I want to make sure I'm correctly understanding the topology that a graph is given when thought of as a $1$-complex. From what I can tell, the topology should be generated by sets of the following types:
- An isolated vertex.
- A vertex together with open segments of all the edges adjacent to it.
- An open segment of some edge (not containing either adjacent vertex).
These should both be open sets because in the first case, the preimage under each attaching map is just the vertex or the empty set, and in the second, the preimage under each attaching map looks like $[0, \epsilon)$ or $(1 – \epsilon, 1]$ for some $\epsilon > 0$, or the empty set, or just the vertex. Further, if $U$ is an open set and $v$ is a vertex in $U$, then $U$ must include a segment of each edge adjacent to $v$, since otherwise the preimage of $U$ in the attaching map for an edge adjacent to $v$ is just $\{0\}$ or $\{1\}$. If $u \in U$ is a point on some edge then $U$ must contain an open interval around $u$ by similar reasoning.

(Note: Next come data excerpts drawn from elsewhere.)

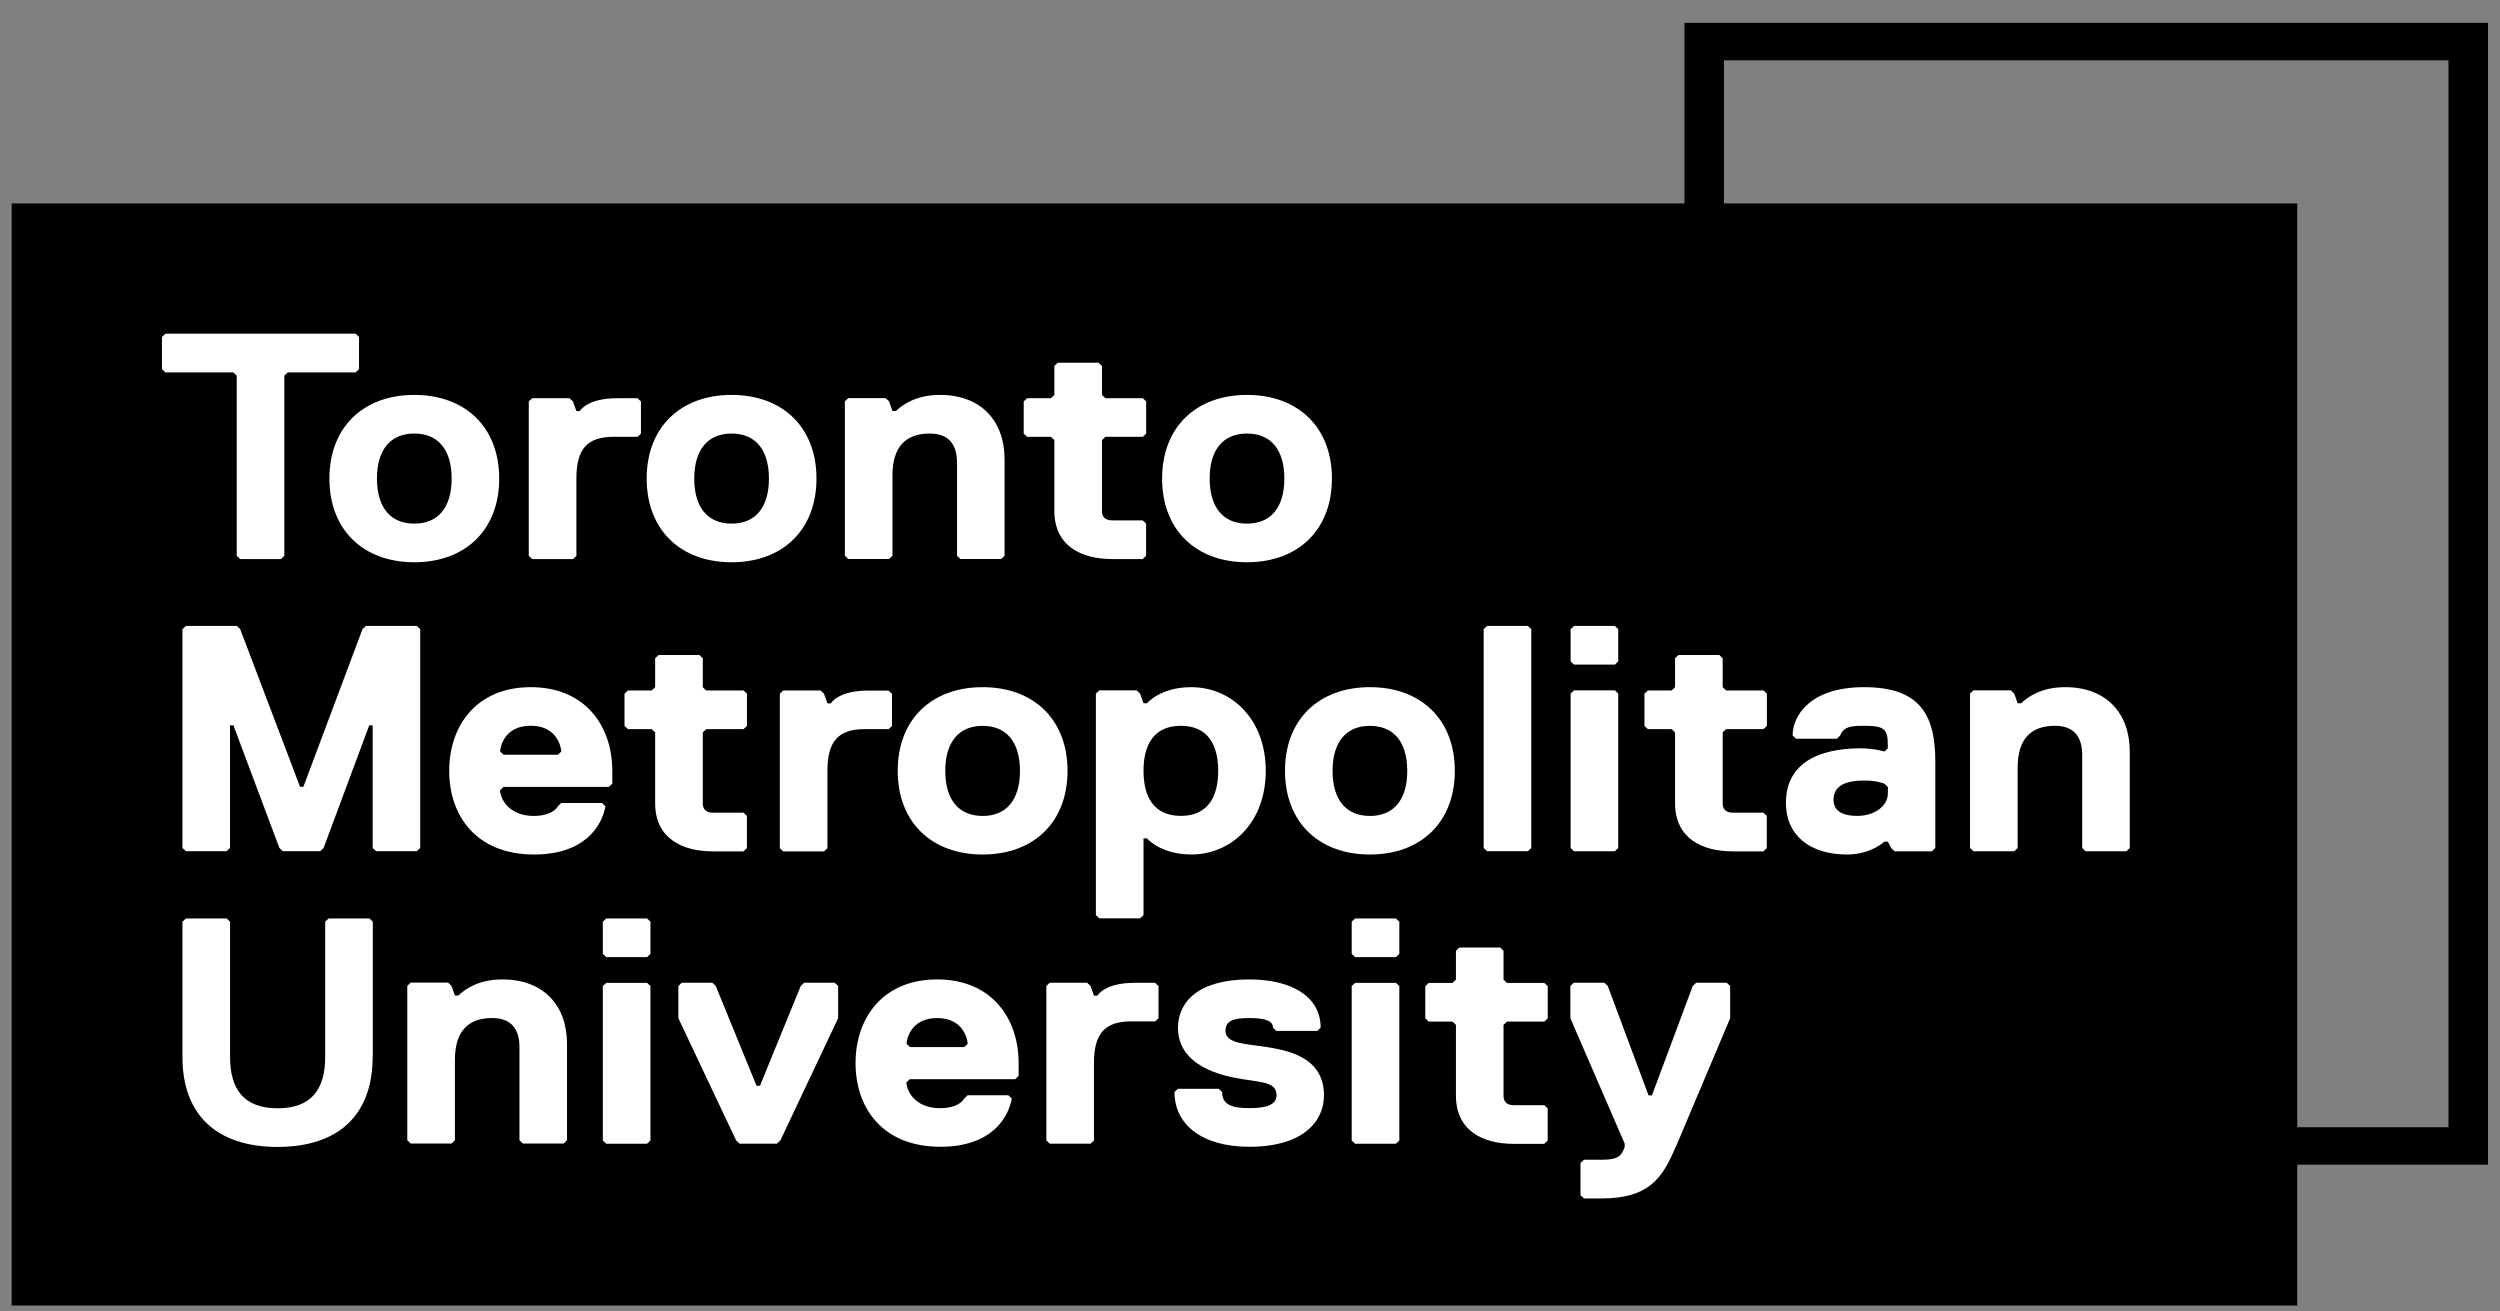 <svg width="82" height="43" viewBox="0 0 82 43" fill="none" xmlns="http://www.w3.org/2000/svg">
<rect x="0" y="0" width="82" height="43" fill="#808080" stroke="none"/>
<path fill-rule="evenodd" clip-rule="evenodd" d="M55.25 0.75H81.606V38.201H55.25V0.75ZM56.546 1.978V36.973H80.31V1.978H56.546Z" fill="black"/>
<path d="M75.349 6.672H0.383V42.821H75.349V6.672Z" fill="black"/>
<path d="M11.666 12.214H9.439L9.326 12.321V18.231L9.214 18.337H7.877L7.764 18.231V12.321L7.652 12.214H5.425L5.312 12.108V11.052L5.425 10.945H11.664L11.776 11.052V12.108L11.664 12.214H11.666Z" fill="white"/>
<path d="M13.589 18.442C11.919 18.442 10.805 17.386 10.805 15.697C10.805 14.009 11.919 12.953 13.589 12.953C15.259 12.953 16.374 14.009 16.374 15.697C16.374 17.386 15.259 18.442 13.589 18.442ZM13.589 14.22C12.809 14.22 12.364 14.748 12.364 15.697C12.364 16.647 12.809 17.175 13.589 17.175C14.369 17.175 14.814 16.647 14.814 15.697C14.814 14.748 14.369 14.22 13.589 14.22Z" fill="white"/>
<path d="M20.91 14.327H20.131C19.238 14.327 18.906 14.749 18.906 15.698V18.232L18.793 18.338H17.456L17.344 18.232V13.167L17.456 13.062H18.681L18.793 13.167L18.906 13.484H19.018C19.018 13.484 19.241 13.062 20.243 13.062H20.91L21.023 13.167V14.223L20.91 14.329V14.327Z" fill="white"/>
<path d="M23.996 18.442C22.326 18.442 21.211 17.386 21.211 15.697C21.211 14.009 22.326 12.953 23.996 12.953C25.666 12.953 26.78 14.009 26.78 15.697C26.78 17.386 25.666 18.442 23.996 18.442ZM23.996 14.22C23.216 14.22 22.771 14.748 22.771 15.697C22.771 16.647 23.216 17.175 23.996 17.175C24.776 17.175 25.221 16.647 25.221 15.697C25.221 14.748 24.776 14.22 23.996 14.22Z" fill="white"/>
<path d="M32.84 18.335H31.502L31.39 18.229V15.169C31.39 14.642 31.168 14.22 30.498 14.22C29.718 14.22 29.273 14.642 29.273 15.591V18.229L29.16 18.335H27.823L27.711 18.229V13.164L27.823 13.059H29.048L29.16 13.164L29.273 13.481H29.385C29.608 13.27 30.053 12.953 30.833 12.953C32.17 12.953 32.95 13.798 32.95 15.063V18.229L32.837 18.335H32.84Z" fill="white"/>
<path d="M36.142 16.751C36.142 16.961 36.255 17.068 36.477 17.068H37.48L37.592 17.174V18.23L37.48 18.337H36.477C35.475 18.337 34.583 17.915 34.583 16.755V14.434L34.47 14.328H33.691L33.578 14.221V13.165L33.691 13.061H34.47L34.583 12.954V12.005L34.695 11.898H36.032L36.145 12.005V12.954L36.257 13.061H37.482L37.594 13.165V14.221L37.482 14.328H36.257L36.145 14.434V16.755L36.142 16.751Z" fill="white"/>
<path d="M40.902 18.442C39.23 18.442 38.117 17.386 38.117 15.697C38.117 14.009 39.232 12.953 40.902 12.953C42.572 12.953 43.687 14.009 43.687 15.697C43.687 17.386 42.572 18.442 40.902 18.442ZM40.902 14.22C40.122 14.22 39.677 14.748 39.677 15.697C39.677 16.647 40.122 17.175 40.902 17.175C41.682 17.175 42.127 16.647 42.127 15.697C42.127 14.748 41.682 14.22 40.902 14.22Z" fill="white"/>
<path d="M12.223 34.664C12.223 36.563 11.109 37.619 9.104 37.619C7.099 37.619 5.984 36.563 5.984 34.664V30.231L6.097 30.125H7.434L7.546 30.231V34.664C7.546 35.72 7.991 36.352 9.106 36.352C10.221 36.352 10.666 35.72 10.666 34.664V30.231L10.778 30.125H12.115L12.228 30.231V34.664H12.223Z" fill="white"/>
<path d="M18.488 37.507H17.151L17.038 37.401V34.341C17.038 33.813 16.816 33.392 16.146 33.392C15.366 33.392 14.921 33.813 14.921 34.763V37.401L14.809 37.507H13.472L13.359 37.401V32.336L13.472 32.229H14.697L14.809 32.336L14.921 32.653H15.034C15.256 32.442 15.701 32.125 16.481 32.125C17.818 32.125 18.598 32.97 18.598 34.235V37.401L18.486 37.507H18.488Z" fill="white"/>
<path d="M21.223 31.394H19.886L19.773 31.287V30.231L19.886 30.125H21.223L21.335 30.231V31.287L21.223 31.394ZM21.223 37.515H19.886L19.773 37.408V32.343L19.886 32.237H21.223L21.335 32.343V37.408L21.223 37.515Z" fill="white"/>
<path d="M25.594 37.406L25.482 37.512H24.257L24.145 37.406L22.25 33.397V32.341L22.362 32.234H23.365L23.477 32.341L24.814 35.613H24.927L26.264 32.341L26.376 32.234H27.379L27.491 32.341V33.397L25.596 37.406H25.594Z" fill="white"/>
<path d="M33.409 35.291L33.297 35.397H29.843L29.73 35.504C29.73 35.715 29.953 36.349 30.845 36.349C31.18 36.349 31.513 36.242 31.625 36.032L31.737 35.925H33.075L33.187 36.032C33.075 36.664 32.519 37.614 30.847 37.614C28.953 37.614 28.062 36.347 28.062 34.869C28.062 33.392 28.955 32.125 30.737 32.125C32.519 32.125 33.411 33.392 33.411 34.869V35.291H33.409ZM31.739 34.237C31.739 34.131 31.627 33.392 30.737 33.392C29.847 33.392 29.735 34.131 29.735 34.237L29.847 34.343H31.629L31.742 34.237H31.739Z" fill="white"/>
<path d="M37.887 33.501H37.107C36.215 33.501 35.882 33.923 35.882 34.872V37.406L35.77 37.512H34.433L34.32 37.406V32.341L34.433 32.234H35.658L35.77 32.341L35.882 32.658H35.995C35.995 32.658 36.217 32.236 37.219 32.236H37.887L37.999 32.343V33.399L37.887 33.505V33.501Z" fill="white"/>
<path d="M40.973 37.614C39.413 37.614 38.523 36.875 38.523 35.819L38.636 35.712H39.973L40.085 35.819C40.085 36.24 40.42 36.347 40.978 36.347C41.535 36.347 41.87 36.24 41.87 35.925C41.87 35.504 41.425 35.504 40.755 35.397C40.085 35.291 38.638 34.976 38.638 33.709C38.638 32.864 39.306 32.125 40.978 32.125C42.315 32.125 43.317 32.653 43.317 33.709L43.205 33.815H41.868L41.755 33.709C41.755 33.498 41.533 33.392 40.975 33.392C40.418 33.392 40.196 33.498 40.196 33.813C40.196 34.235 40.863 34.235 41.533 34.341C42.203 34.448 43.427 34.658 43.427 35.925C43.427 36.77 42.76 37.614 40.978 37.614H40.973Z" fill="white"/>
<path d="M45.785 31.394H44.448L44.336 31.287V30.231L44.448 30.125H45.785L45.898 30.231V31.287L45.785 31.394ZM45.785 37.515H44.448L44.336 37.408V32.343L44.448 32.237H45.785L45.898 32.343V37.408L45.785 37.515Z" fill="white"/>
<path d="M49.314 35.932C49.314 36.143 49.427 36.25 49.649 36.25H50.652L50.764 36.356V37.412L50.652 37.518H49.649C48.647 37.518 47.755 37.097 47.755 35.937V33.616L47.642 33.509H46.862L46.75 33.403V32.347L46.862 32.24H47.642L47.755 32.134V31.184L47.867 31.078H49.204L49.316 31.184V32.134L49.429 32.24H50.654L50.766 32.347V33.403L50.654 33.509H49.429L49.316 33.616V35.937L49.314 35.932Z" fill="white"/>
<path d="M54.96 37.621C54.515 38.677 54.068 39.309 52.51 39.309H51.953L51.84 39.203V38.147L51.953 38.04H52.51C53.068 38.04 53.178 37.934 53.29 37.619V37.512L51.508 33.397V32.341L51.62 32.234H52.623L52.735 32.341L54.072 35.928H54.184L55.522 32.341L55.634 32.234H56.636L56.749 32.341V33.397L54.967 37.619L54.96 37.621Z" fill="white"/>
<path d="M13.671 27.919H12.334L12.223 27.813V23.791H12.111L10.614 27.813L10.502 27.919H9.277L9.164 27.813L7.656 23.791H7.544V27.813L7.432 27.919H6.097L5.984 27.813V20.638L6.097 20.531H7.767L7.879 20.638L9.841 25.807H9.951L11.889 20.638L12.001 20.531H13.671L13.783 20.638V27.813L13.671 27.919Z" fill="white"/>
<path d="M20.081 25.705L19.969 25.811H16.515L16.402 25.918C16.402 26.129 16.625 26.763 17.517 26.763C17.852 26.763 18.184 26.657 18.297 26.446L18.409 26.339H19.746L19.859 26.446C19.746 27.078 19.191 28.028 17.519 28.028C15.624 28.028 14.734 26.761 14.734 25.283C14.734 23.806 15.627 22.539 17.409 22.539C19.191 22.539 20.083 23.806 20.083 25.283V25.705H20.081ZM18.409 24.649C18.409 24.543 18.297 23.804 17.407 23.804C16.517 23.804 16.404 24.543 16.404 24.649L16.517 24.755H18.299L18.411 24.649H18.409Z" fill="white"/>
<path d="M23.049 26.339C23.049 26.549 23.161 26.656 23.384 26.656H24.386L24.498 26.762V27.818L24.386 27.925H23.384C22.381 27.925 21.489 27.503 21.489 26.343V24.022L21.377 23.916H20.597L20.484 23.809V22.753L20.597 22.647H21.377L21.489 22.54V21.591L21.601 21.484H22.939L23.051 21.591V22.54L23.163 22.647H24.388L24.5 22.753V23.809L24.388 23.916H23.163L23.051 24.022V26.343L23.049 26.339Z" fill="white"/>
<path d="M29.145 23.915H28.365C27.473 23.915 27.14 24.337 27.14 25.286V27.82L27.028 27.926H25.691L25.578 27.82V22.755L25.691 22.648H26.915L27.028 22.755L27.14 23.072H27.252C27.252 23.072 27.475 22.651 28.477 22.651H29.145L29.257 22.757V23.813L29.145 23.919V23.915Z" fill="white"/>
<path d="M32.23 28.028C30.56 28.028 29.445 26.972 29.445 25.283C29.445 23.595 30.56 22.539 32.23 22.539C33.9 22.539 35.015 23.595 35.015 25.283C35.015 26.972 33.9 28.028 32.23 28.028ZM32.23 23.808C31.45 23.808 31.005 24.336 31.005 25.285C31.005 26.235 31.45 26.763 32.23 26.763C33.01 26.763 33.455 26.235 33.455 25.285C33.455 24.336 33.01 23.808 32.23 23.808Z" fill="white"/>
<path d="M39.067 28.026C38.065 28.026 37.62 27.498 37.62 27.498H37.507V30.015L37.395 30.121H36.058L35.945 30.015V22.75L36.058 22.643H37.283L37.395 22.75L37.507 23.067H37.62C37.62 23.067 38.065 22.539 39.067 22.539C40.404 22.539 41.517 23.595 41.517 25.283C41.517 26.972 40.402 28.028 39.067 28.028V28.026ZM38.732 23.806C37.84 23.806 37.507 24.438 37.507 25.283C37.507 26.129 37.842 26.761 38.732 26.761C39.622 26.761 39.957 26.129 39.957 25.283C39.957 24.438 39.622 23.806 38.732 23.806Z" fill="white"/>
<path d="M44.933 28.028C43.261 28.028 42.148 26.972 42.148 25.283C42.148 23.595 43.263 22.539 44.933 22.539C46.603 22.539 47.718 23.595 47.718 25.283C47.718 26.972 46.603 28.028 44.933 28.028ZM44.933 23.808C44.153 23.808 43.708 24.336 43.708 25.285C43.708 26.235 44.153 26.763 44.933 26.763C45.713 26.763 46.158 26.235 46.158 25.285C46.158 24.336 45.713 23.808 44.933 23.808Z" fill="white"/>
<path d="M50.114 27.919H48.776L48.664 27.813V20.638L48.776 20.531H50.114L50.226 20.638V27.813L50.114 27.919Z" fill="white"/>
<path d="M52.965 21.8H51.628L51.516 21.694V20.638L51.628 20.531H52.965L53.078 20.638V21.694L52.965 21.8ZM52.965 27.921H51.628L51.516 27.815V22.75L51.628 22.643H52.965L53.078 22.75V27.815L52.965 27.921Z" fill="white"/>
<path d="M56.502 26.339C56.502 26.549 56.614 26.656 56.837 26.656H57.839L57.951 26.762V27.818L57.839 27.925H56.837C55.834 27.925 54.942 27.503 54.942 26.343V24.022L54.83 23.916H54.05L53.938 23.809V22.753L54.05 22.647H54.83L54.942 22.54V21.591L55.054 21.484H56.392L56.504 21.591V22.54L56.616 22.647H57.841L57.954 22.753V23.809L57.841 23.916H56.616L56.504 24.022V26.343L56.502 26.339Z" fill="white"/>
<path d="M63.37 27.923H62.145L62.032 27.817L61.92 27.606H61.808C61.808 27.606 61.363 28.028 60.583 28.028C59.358 28.028 58.578 27.395 58.578 26.339C58.578 24.755 60.138 24.545 61.028 24.545C61.473 24.545 61.808 24.651 61.808 24.651L61.92 24.545V24.438C61.92 23.91 61.808 23.806 61.14 23.806C60.805 23.806 60.473 23.806 60.36 24.123L60.248 24.23H58.911L58.798 24.123C58.798 23.491 59.356 22.539 61.138 22.539C62.92 22.539 63.478 23.384 63.478 24.966V27.815L63.365 27.921L63.37 27.923ZM61.81 25.707C61.81 25.707 61.587 25.601 61.142 25.601C60.475 25.601 60.14 25.811 60.14 26.233C60.14 26.55 60.363 26.761 60.92 26.761C61.477 26.761 61.922 26.444 61.922 26.022V25.811L61.81 25.705V25.707Z" fill="white"/>
<path d="M69.746 27.921H68.409L68.296 27.815V24.755C68.296 24.227 68.074 23.806 67.404 23.806C66.624 23.806 66.179 24.227 66.179 25.177V27.815L66.067 27.921H64.73L64.617 27.815V22.75L64.73 22.643H65.954L66.067 22.75L66.179 23.067H66.291C66.514 22.856 66.959 22.539 67.739 22.539C69.076 22.539 69.856 23.384 69.856 24.649V27.815L69.744 27.921H69.746Z" fill="white"/>
</svg>

This seems like a satisfactory definition of the topology, but I'm nagged by a doubt: Wouldn't the graphs $\cdot – \cdot – \cdot$ and $\cdot – \cdot$ be the topologically indistinguishable? In both cases it seems the graph is homeomorphic to a closed interval in the real line, because any open set containing the middle vertex of the first graph has to contain some of the edges on both sides. Do I have the topology wrong, or is homeomorphism just not a strong form of equivalence for graphs?
Best Answer
A graph consists of set $V$ of vertices and a set $E$ of edges. It seems that you consider undirected graphs. In this case the elements of $E$ are sets of the form $\{x,y\}$ with $x,y \in V$. If you require $x \ne y$ for all these sets, we get a undirected simple graph. If you allow $x = y$, the graph is allowed to have loops. You may also consider more than one edge having given vertices; this results in the concept of an undirected multigraph. Formally you could define $E$ to be the set of all pairs $(\{x,y\},n_{\{x,y\}})$ with $x,y \in V$ and $n_{\{x,y\}} \in \mathbb N_0 = \{0,1,2,\ldots \}$. If $n_{\{x,y\}} = 0$, there is no edge connecting the vertices $x$ and $y$. If you require that all $n_{\{x,y\}} \le 1$, you get the above concept of an undirected simple graph with loops.
A graph is often visualized by a drawing like
This is in some sense misleading because it suggests that the edges are line segments - but they are not. A graph is just a combinatorial object and it is an unsuitable object to receive a topology.
However, we can assign to each graph $G$ a $1$-dimensional CW-complex $X_G$ which we may denote as its geometric realization.
As the $0$-cells of $X_G$ take the vertices. For each combinatorial edge $e = \{x,y\}$ attach a $1$-cell $D^1 = [-1,1]$ via $\phi_e : \partial D^1 = \{-1,1\} \to X_G^0, \phi(-1) = v, \phi(1) = y$. Here you have two choices for $\phi_e$ if $x \ne y$, but this turns out to be irrelevant for the resulting CW-complex.
Since this procedure gives a CW-complex, the topology on $X_G$ is completely determined. If you imagine graphs in terms of "drawn graphs" as in the picture above, you perform exactly this construction. And you are right, this "geometric object" has the topology described in your question.
There is in fact a $1$-$1$ correspondence between $1$-dimensional CW-complexes and undirected multigraphs with loops.
As you have shown, distinct graphs can produce homeomorphic CW-complexes. But a CW-complex is not the same object as a topological space; it is a topological space plus an additional structure (the collection of cells). As an analogue consider a group - this is a set plus an additional structure, and it would be inadequate to forget this structure when comparing groups.
If you want to work with CW-complexes, you have to take into account their CW-structure. Not every continuous map between CW-complexes is compatible with this structure; thus one works with cellular maps and gets cellular homeomorphims. In your example you get two CW complexes which are homeomorphic as topological spaces, but are not cellularly homeomorphic.